FDA Approves Shorter Infusion Time for MS Therapy Ocrevus
Infusion refers to the slow delivery of a therapy directly into the bloodstream over a period of time. The decision shortens the twice-yearly infusion time to a two-hour session from the previously approved 3.5 hours. This may ease Ocrevus’ administration burden for patients and have a positive impact on healthcare resources.
“More than 170,000 people with MS have been treated with Ocrevus — the only approved B-cell therapy with a twice-yearly dosing schedule — and it is the most prescribed MS medicine in the U.S.,” Levi Garraway, MD, PhD, chief medical officer and head of global product development at Genentech, said in a press release. A subsidiary of Roche, Genentech is the developer of Ocrevus.
“We constantly strive to improve the experience that patients and their physicians have with our medicines, and we believe people with relapsing and primary progressive MS will find the shorter two-hour Ocrevus infusion time to be more convenient,” Garraway said.
Ocrevus is an anti-CD20 monoclonal antibody that works by targeting mature B-cells, a type of immune cell that drives the inflammation that damages the nervous system in MS.
Ocrevus’ dosing schedule involves two 300 mg infusions, given two weeks apart, followed by 600 mg infusions every six months. As per the conventional infusion time, the therapy is typically administered over 3.5 hours.
However, the whole process usually takes about 5.5–6 hours, as it also includes a premedication and infusion setup that can take up to an hour, and a post-infusion observation period for another hour.
The approval of the shorter infusion time was based on positive data from the ENSEMBLE PLUS Phase 3 clinical trial (NCT03085810), which is evaluating the safety and effectiveness of the shorter, two-hour Ocrevus infusion against the conventional 3.5 hours in people with early stage relapsing-remitting MS.
Participants received the first two 300 mg infusions over the typical 3.5 hours, after which they were assigned randomly to receive either the shorter infusion or the standard infusion for the subsequent 600 mg doses.
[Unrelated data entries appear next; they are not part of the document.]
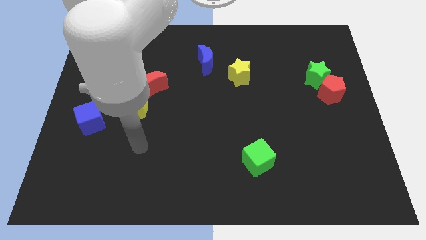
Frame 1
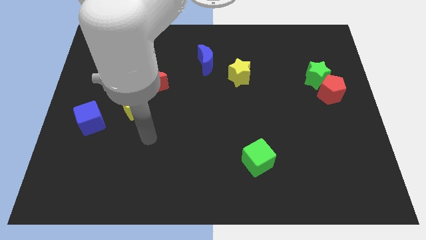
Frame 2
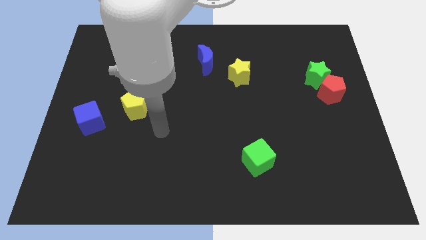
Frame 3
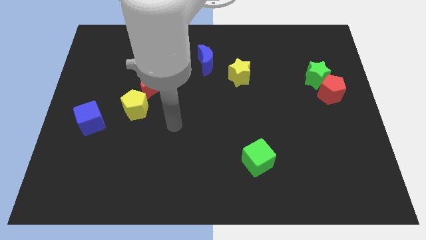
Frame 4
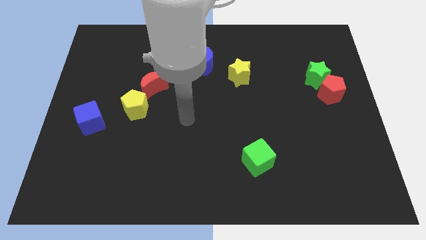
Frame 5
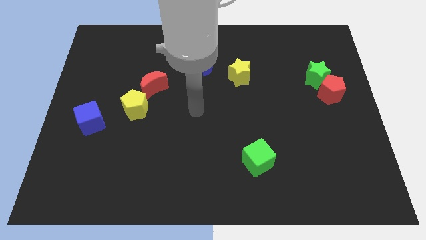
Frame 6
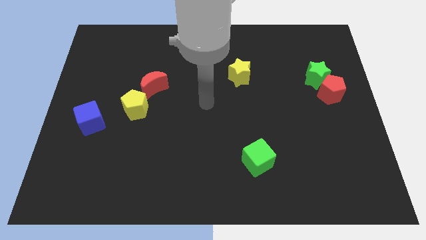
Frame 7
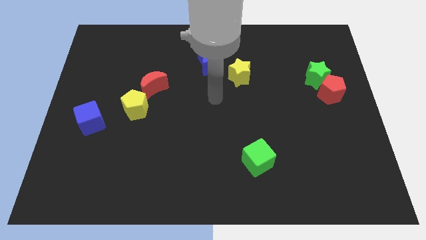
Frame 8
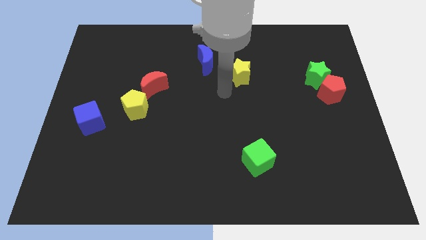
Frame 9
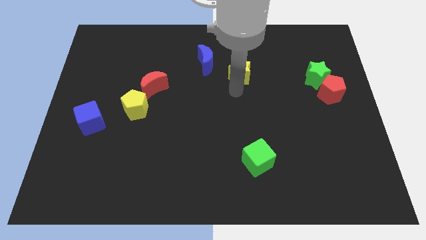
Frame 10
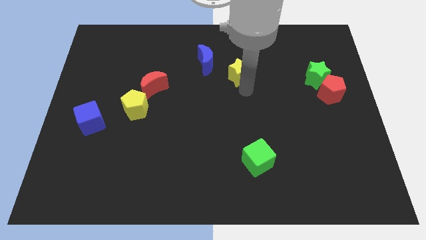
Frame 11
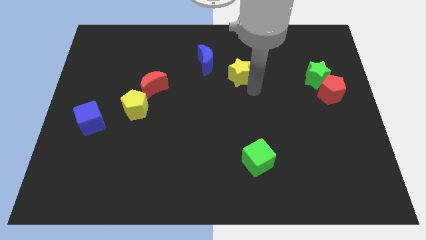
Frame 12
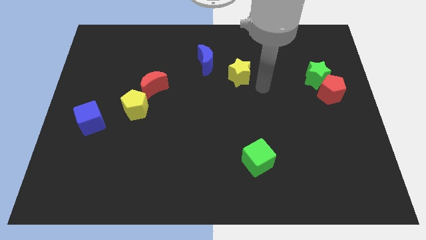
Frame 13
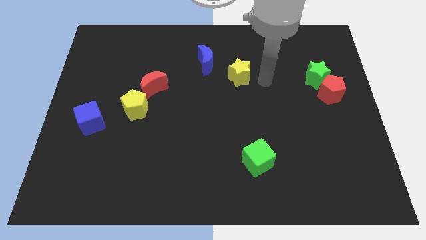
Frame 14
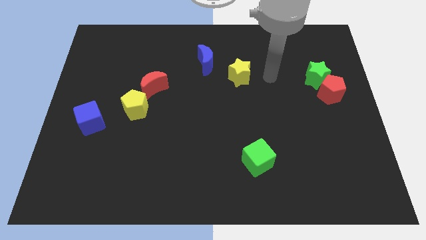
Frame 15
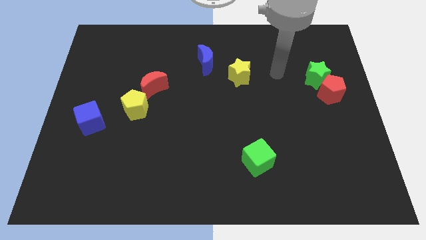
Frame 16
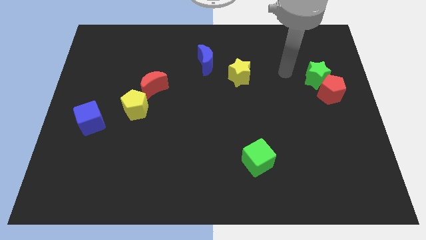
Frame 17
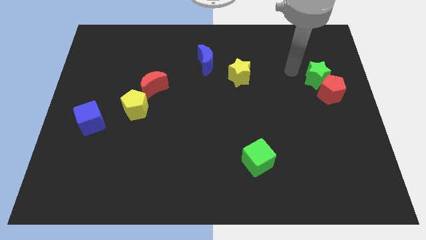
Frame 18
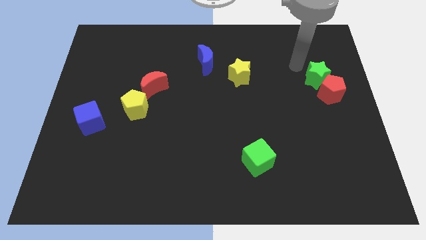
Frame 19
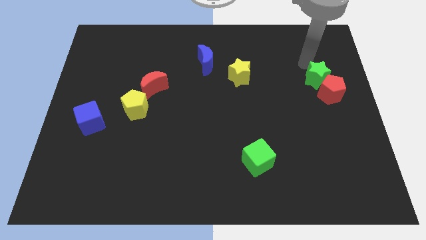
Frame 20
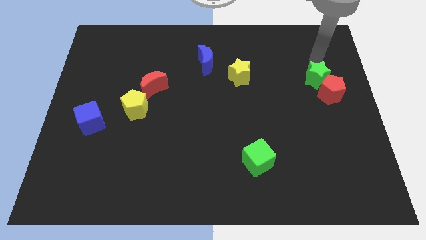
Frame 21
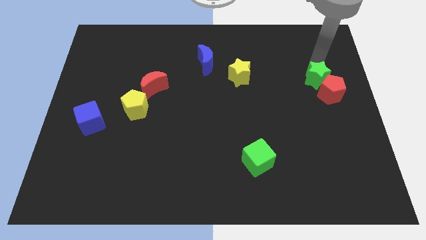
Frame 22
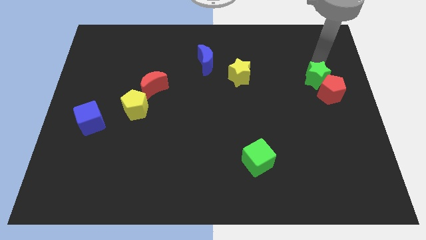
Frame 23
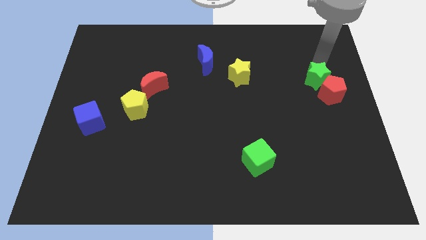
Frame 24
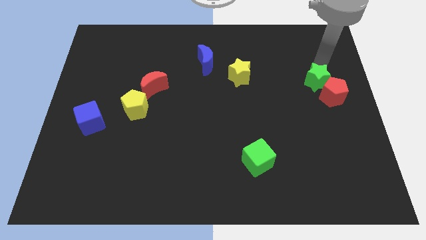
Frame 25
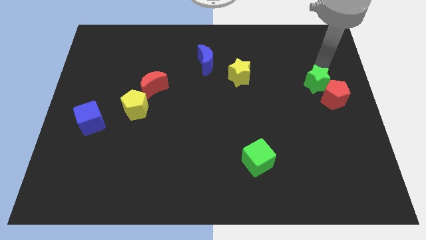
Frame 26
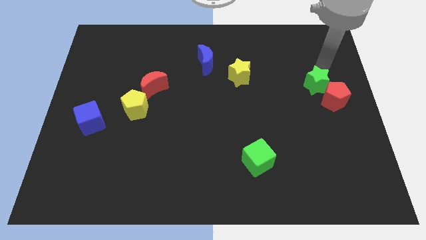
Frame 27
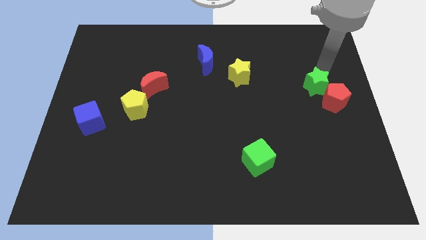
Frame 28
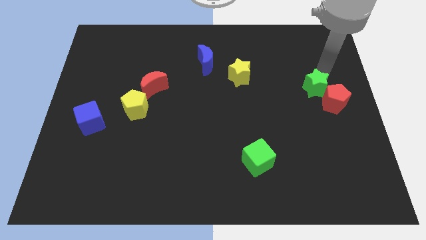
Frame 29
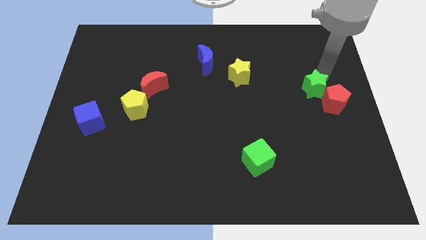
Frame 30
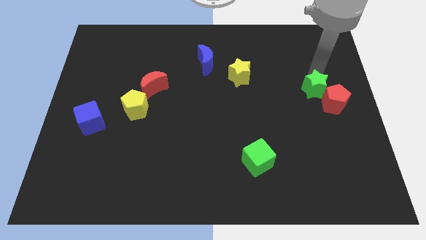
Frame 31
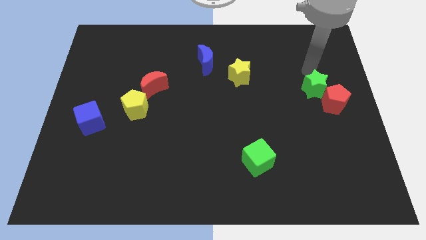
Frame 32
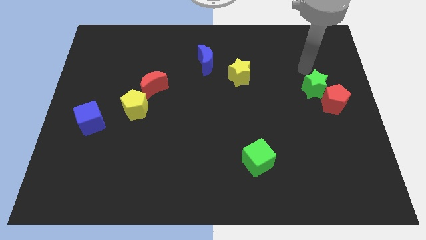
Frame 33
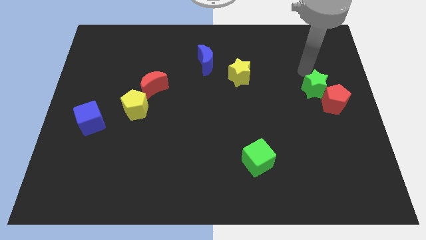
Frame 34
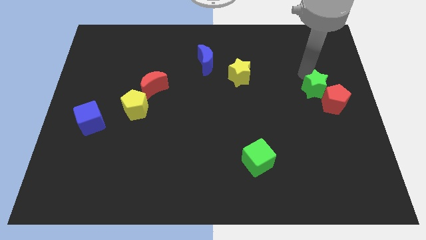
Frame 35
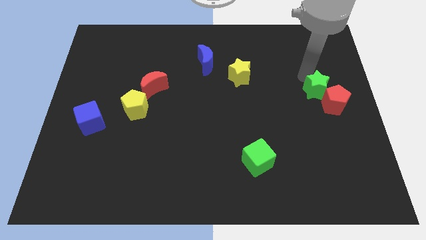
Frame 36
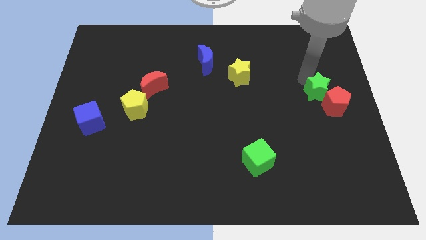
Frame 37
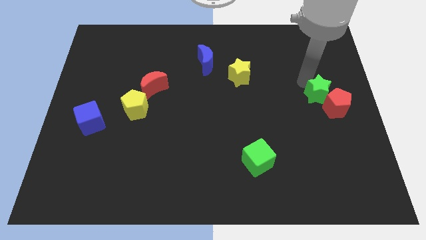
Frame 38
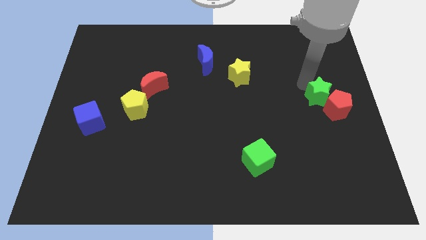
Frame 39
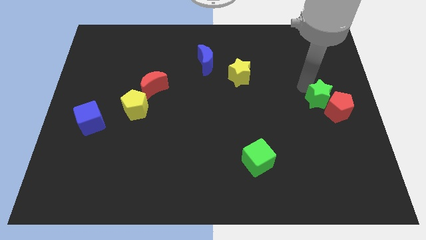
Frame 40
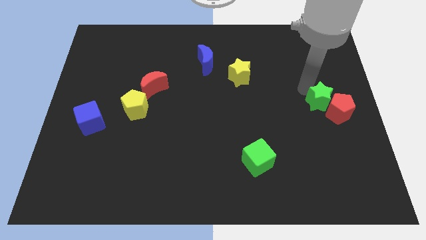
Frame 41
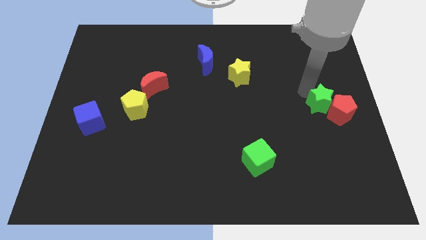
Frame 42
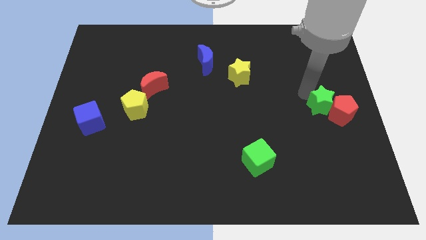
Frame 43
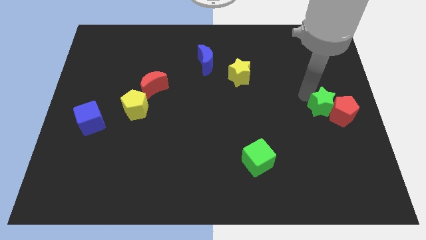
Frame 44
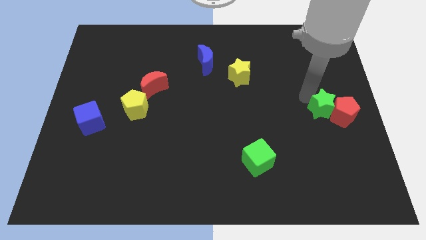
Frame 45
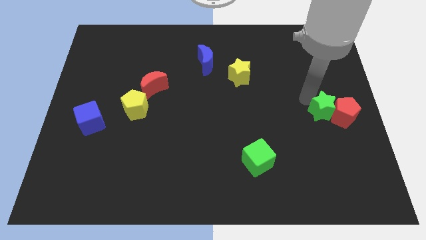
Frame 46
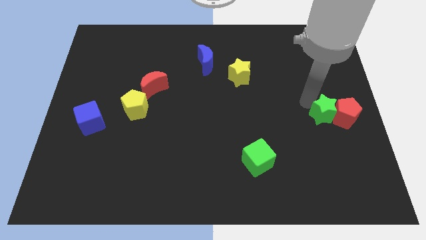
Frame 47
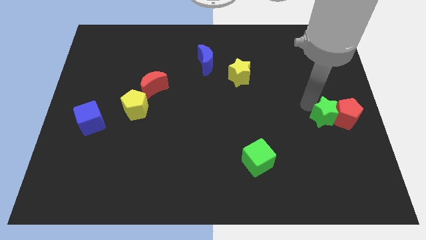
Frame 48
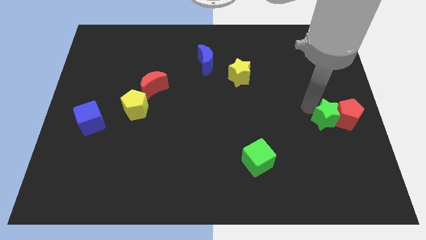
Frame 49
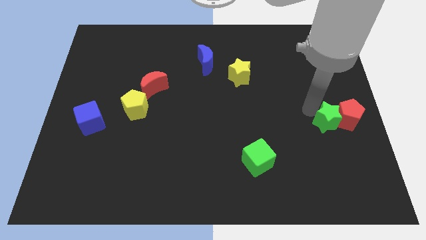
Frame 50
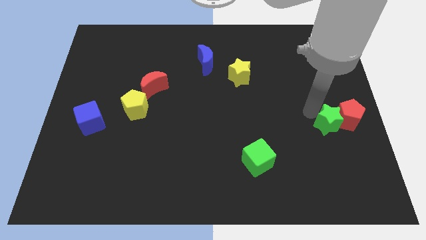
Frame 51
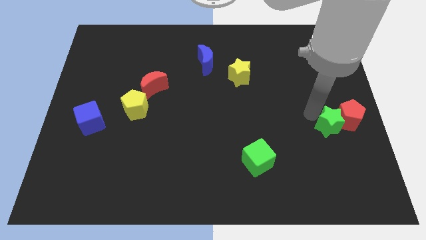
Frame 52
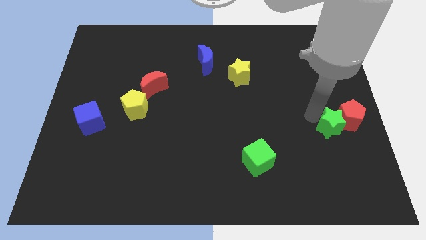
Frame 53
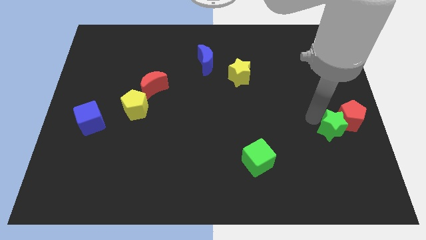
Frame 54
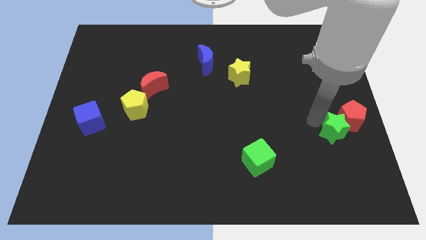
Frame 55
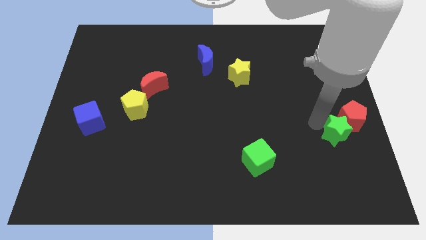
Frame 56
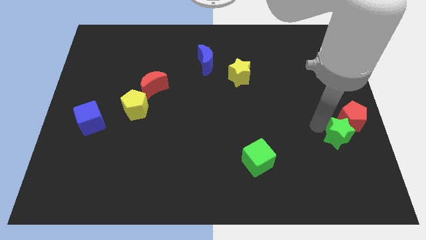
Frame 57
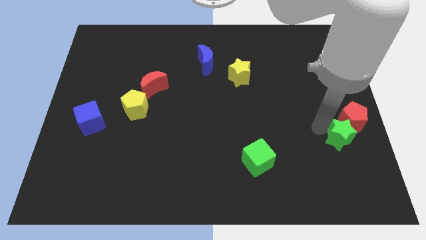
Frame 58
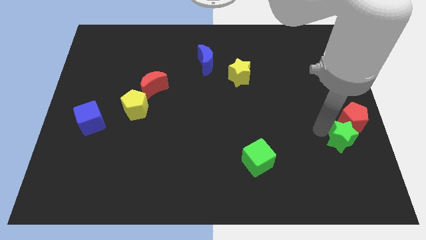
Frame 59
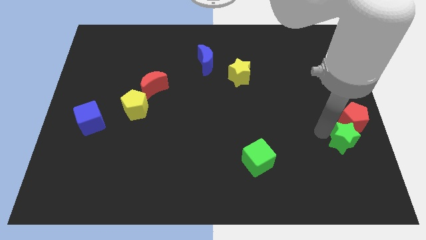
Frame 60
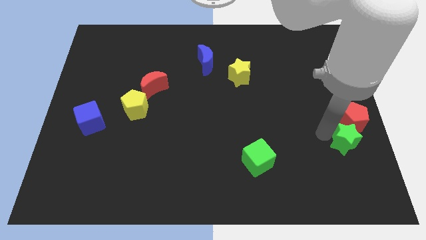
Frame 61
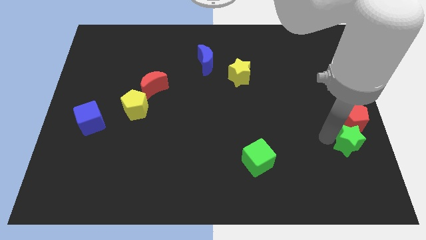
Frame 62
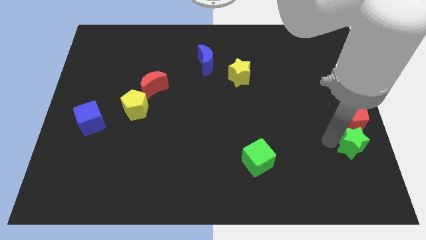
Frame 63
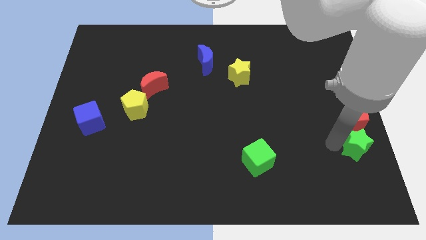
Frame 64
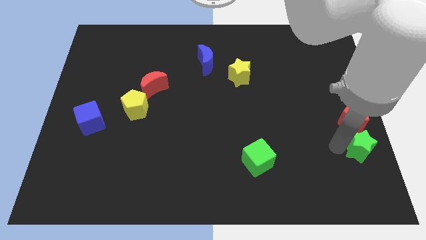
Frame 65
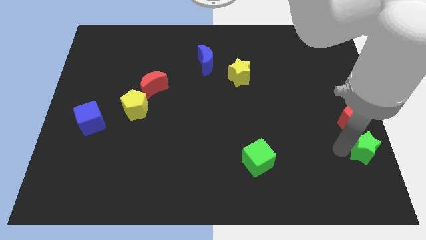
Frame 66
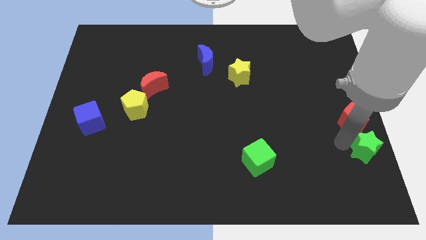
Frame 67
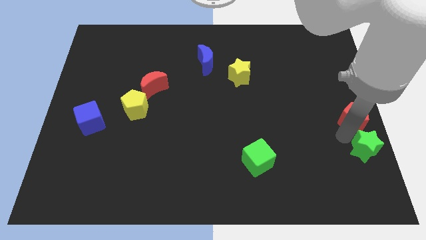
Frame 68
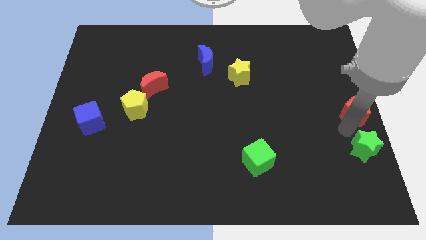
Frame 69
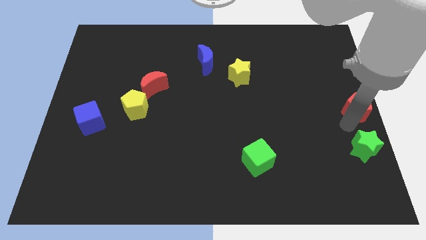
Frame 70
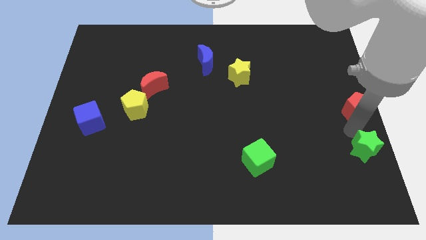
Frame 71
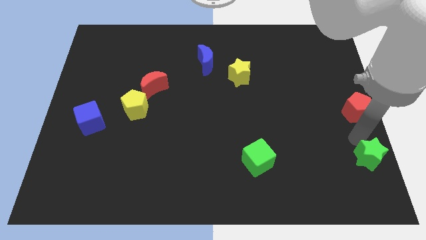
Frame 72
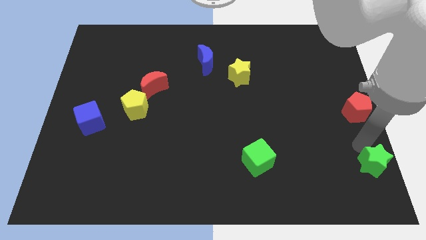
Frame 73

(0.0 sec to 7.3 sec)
slide the green star to the bottom right of the board

The trial’s main goal was to compare the frequency and severity of infusion-related reactions (IRRs) — adverse side effects that occur during or within a day of the infusion — between groups after the first 600 mg infusion. (IRRs are the most common side effect associated with Ocrevus treatment.)
Results showed that the shorter infusion’s safety profile was consistent with that of the conventional infusion.
Specifically, the frequency of IRRs was comparable between participants who received the two-hour Ocrevus infusion (24.6%) and those given the therapy on its longer, standard infusion schedule (23.1%).
In addition, most of these reactions were mild-to-moderate in both groups, and more than 98% resolved without complications. There were no reports of serious, life-threatening, or fatal IRRs and no participant discontinued treatment due to such reactions. No new safety concerns were identified.
Other safety and efficacy measures also are being evaluated in the trial, which is expected to conclude in 2024.